Exercise:
Apart from the images, the records below need to be copied exactly.
Start of Data for this task
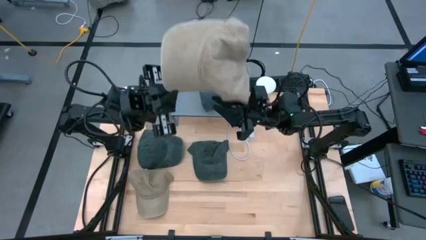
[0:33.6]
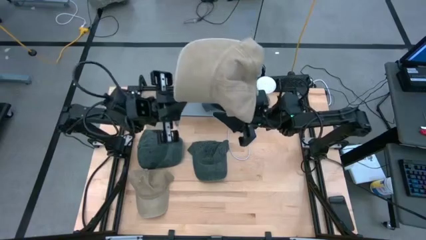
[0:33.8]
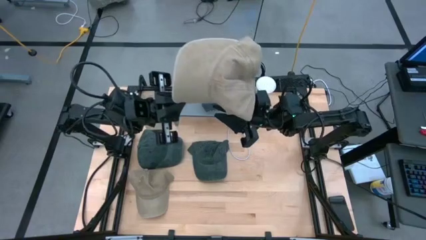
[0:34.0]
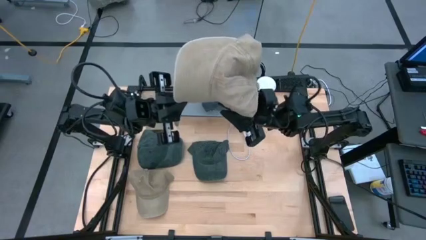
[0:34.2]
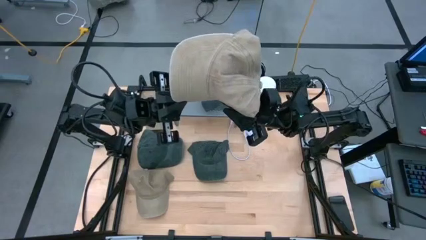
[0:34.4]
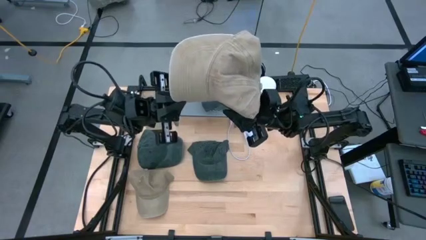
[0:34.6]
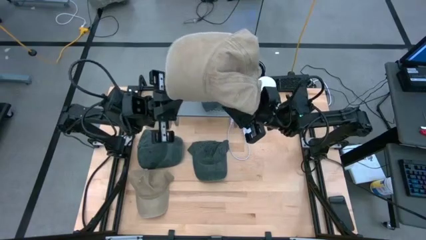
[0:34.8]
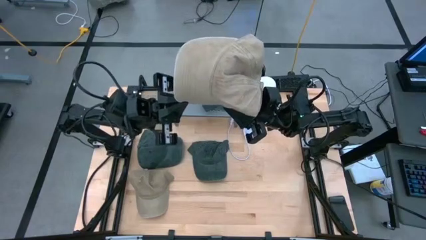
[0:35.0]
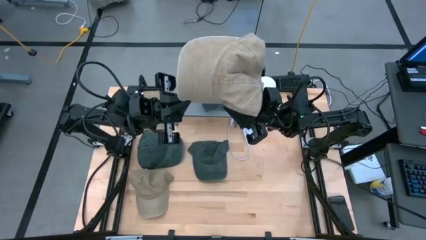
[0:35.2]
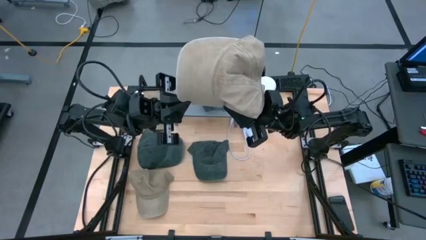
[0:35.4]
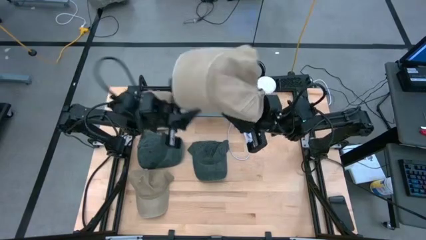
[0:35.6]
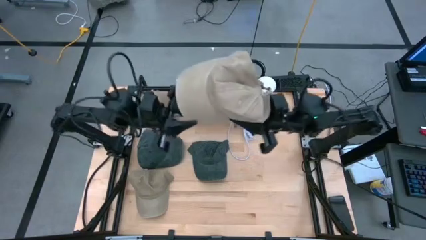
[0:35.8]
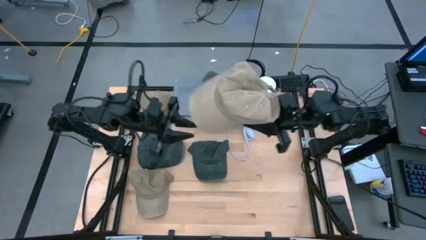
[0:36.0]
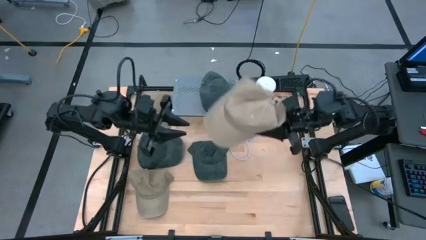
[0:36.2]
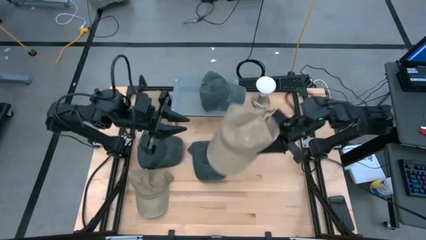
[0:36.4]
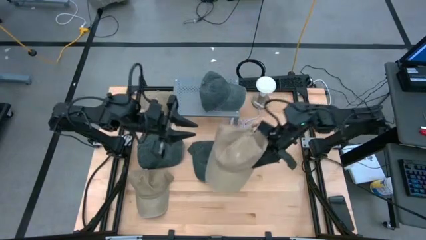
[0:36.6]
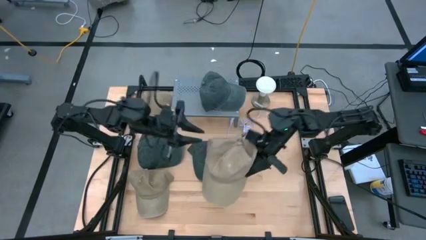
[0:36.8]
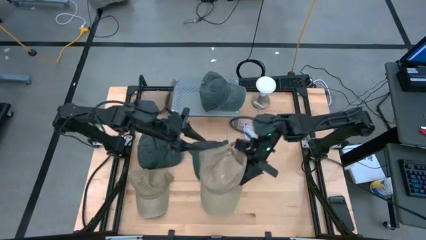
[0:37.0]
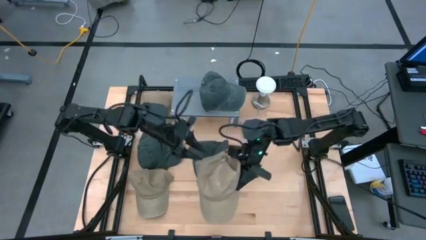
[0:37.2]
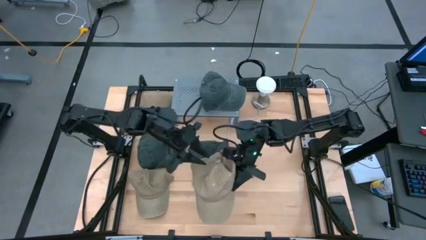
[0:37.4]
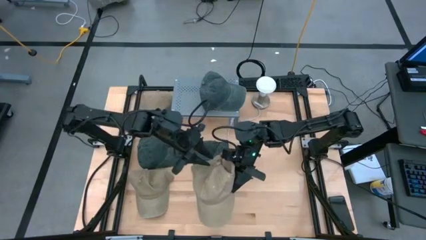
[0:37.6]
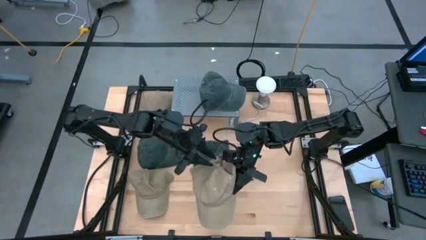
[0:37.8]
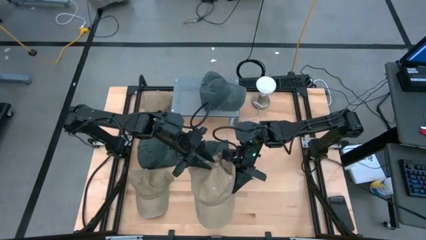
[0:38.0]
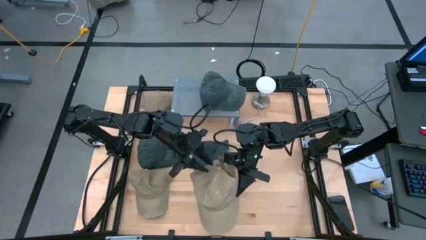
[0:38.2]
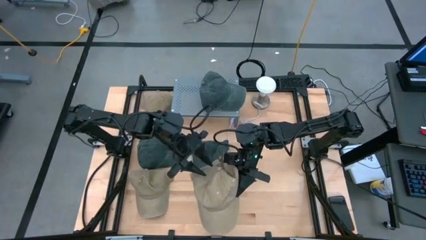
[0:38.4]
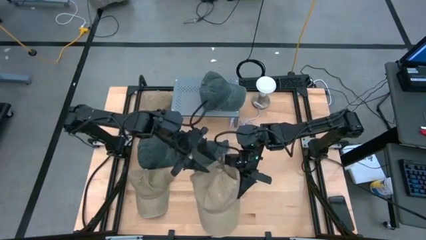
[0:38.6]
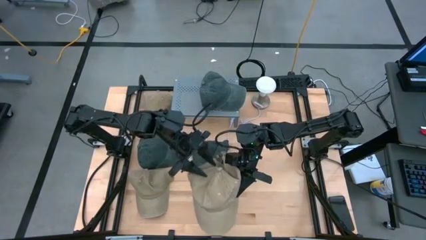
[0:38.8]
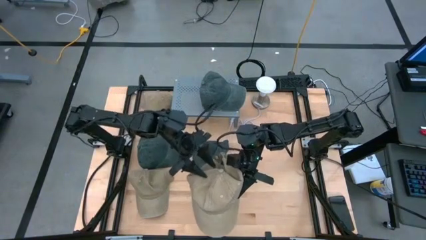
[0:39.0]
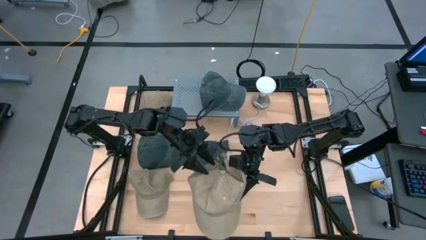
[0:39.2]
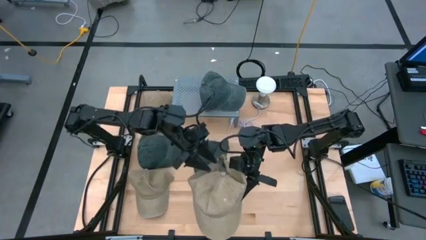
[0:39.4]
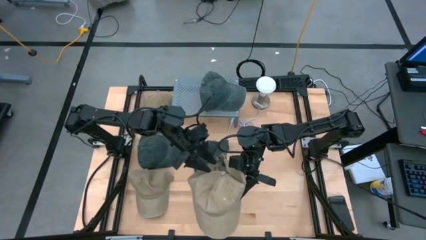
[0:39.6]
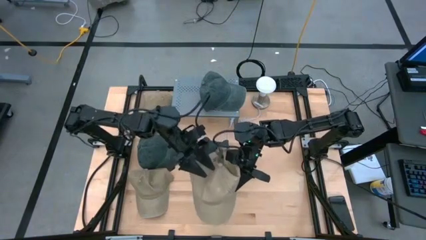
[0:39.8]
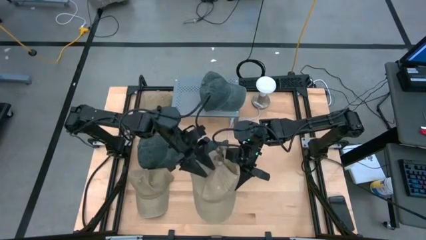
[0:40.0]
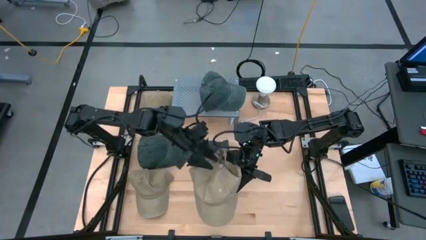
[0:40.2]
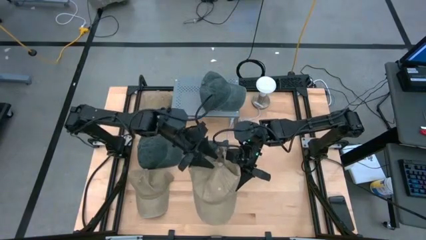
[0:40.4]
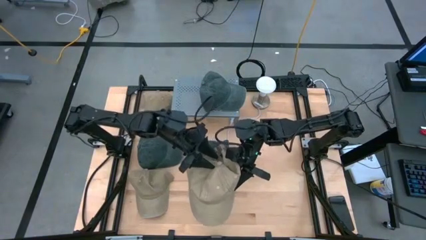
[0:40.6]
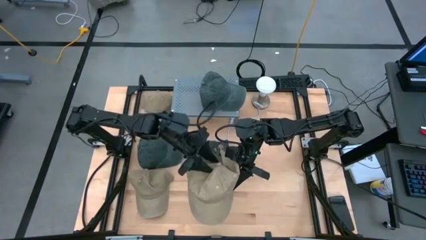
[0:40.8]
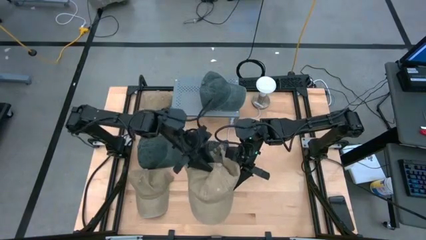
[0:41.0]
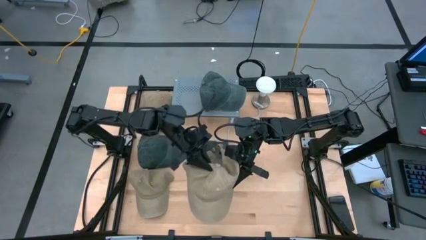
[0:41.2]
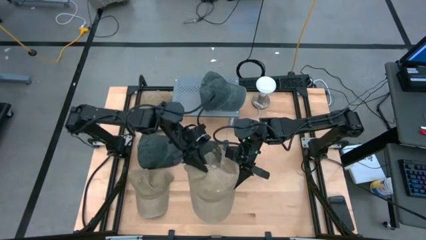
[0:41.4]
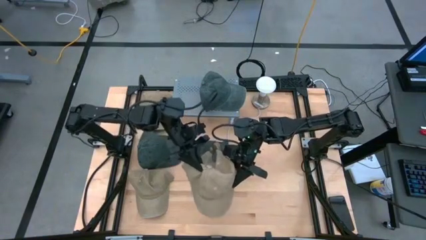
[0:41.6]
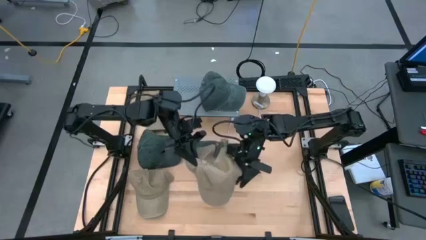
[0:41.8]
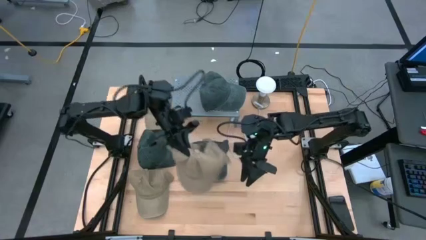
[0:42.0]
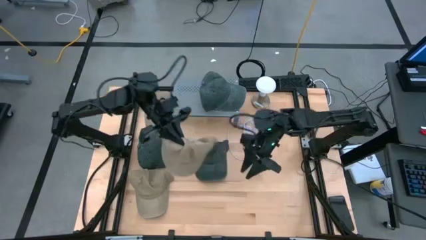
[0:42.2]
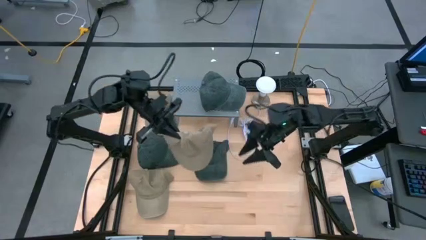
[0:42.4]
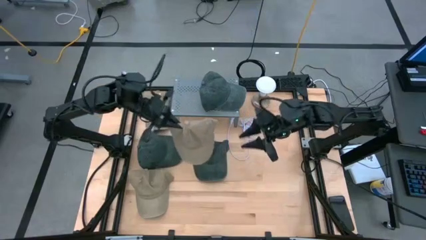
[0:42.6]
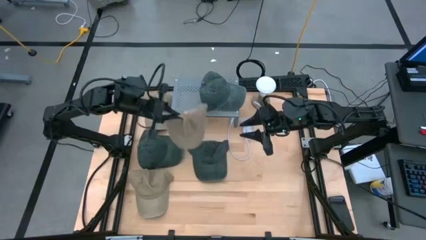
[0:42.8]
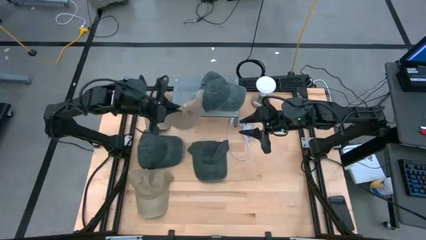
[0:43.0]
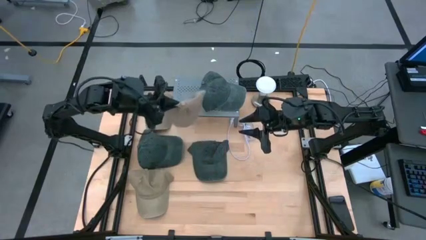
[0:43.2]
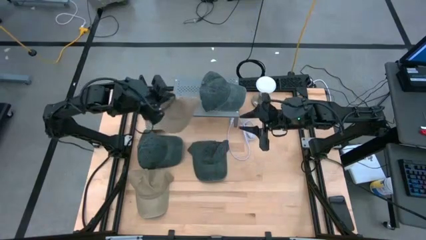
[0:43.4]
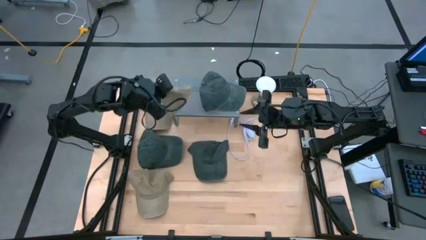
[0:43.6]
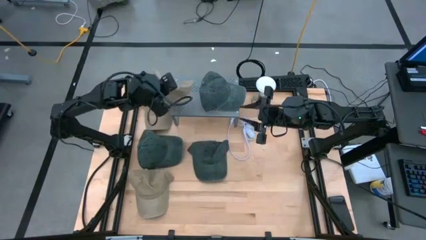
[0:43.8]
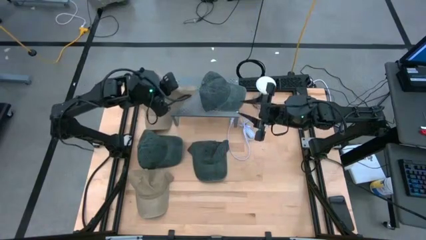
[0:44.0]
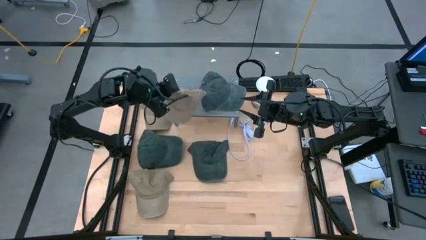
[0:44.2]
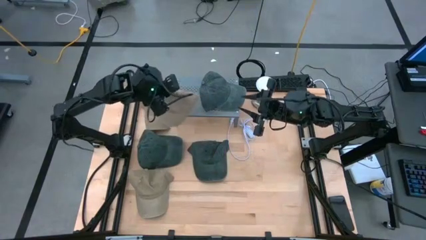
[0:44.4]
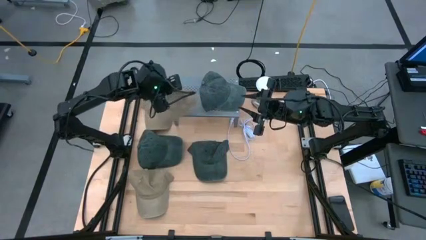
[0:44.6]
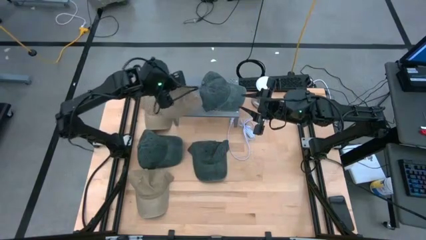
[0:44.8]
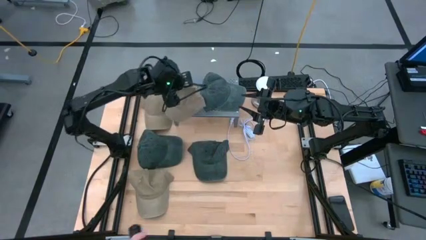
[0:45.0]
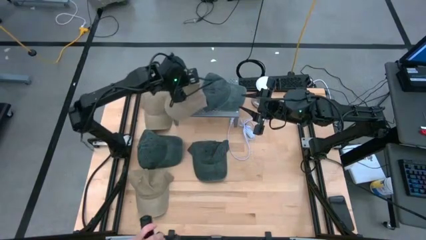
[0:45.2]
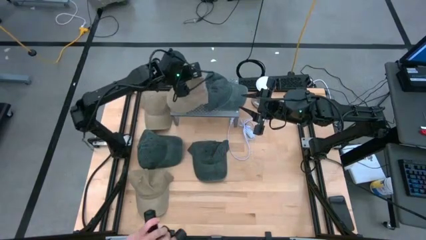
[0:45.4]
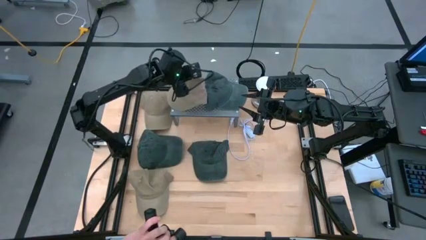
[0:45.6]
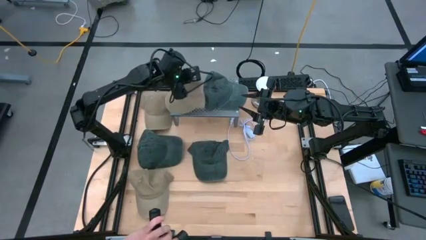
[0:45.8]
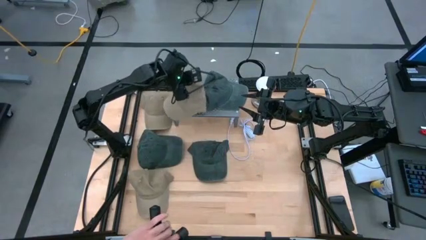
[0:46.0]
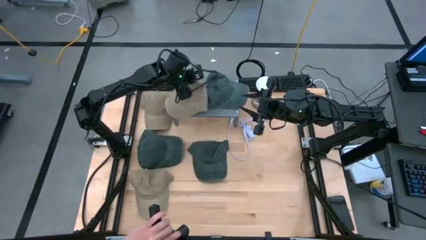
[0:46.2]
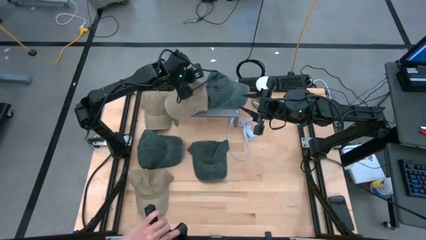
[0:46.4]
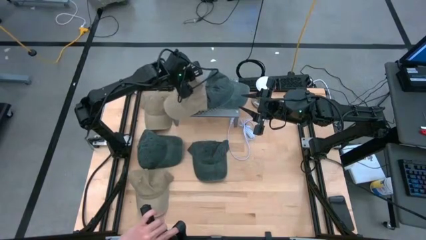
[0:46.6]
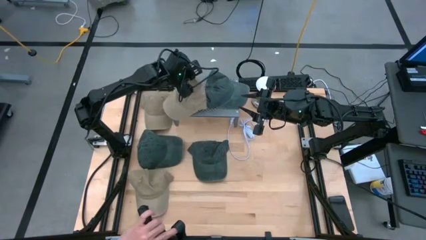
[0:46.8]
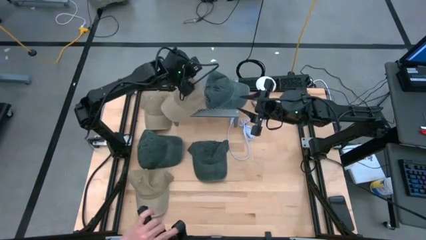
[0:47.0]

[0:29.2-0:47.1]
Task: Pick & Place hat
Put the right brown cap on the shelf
End of Data for this task
Result below:
[0:33.6]
[0:33.8]
[0:34.0]
[0:34.2]
[0:34.4]
[0:34.6]
[0:34.8]
[0:35.0]
[0:35.2]
[0:35.4]
[0:35.6]
[0:35.8]
[0:36.0]
[0:36.2]
[0:36.4]
[0:36.6]
[0:36.8]
[0:37.0]
[0:37.2]
[0:37.4]
[0:37.6]
[0:37.8]
[0:38.0]
[0:38.2]
[0:38.4]
[0:38.6]
[0:38.8]
[0:39.0]
[0:39.2]
[0:39.4]
[0:39.6]
[0:39.8]
[0:40.0]
[0:40.2]
[0:40.4]
[0:40.6]
[0:40.8]
[0:41.0]
[0:41.2]
[0:41.4]
[0:41.6]
[0:41.8]
[0:42.0]
[0:42.2]
[0:42.4]
[0:42.6]
[0:42.8]
[0:43.0]
[0:43.2]
[0:43.4]
[0:43.6]
[0:43.8]
[0:44.0]
[0:44.2]
[0:44.4]
[0:44.6]
[0:44.8]
[0:45.0]
[0:45.2]
[0:45.4]
[0:45.6]
[0:45.8]
[0:46.0]
[0:46.2]
[0:46.4]
[0:46.6]
[0:46.8]
[0:47.0]

[0:29.2-0:47.1]
Task: Pick & Place hat
Put the right brown cap on the shelf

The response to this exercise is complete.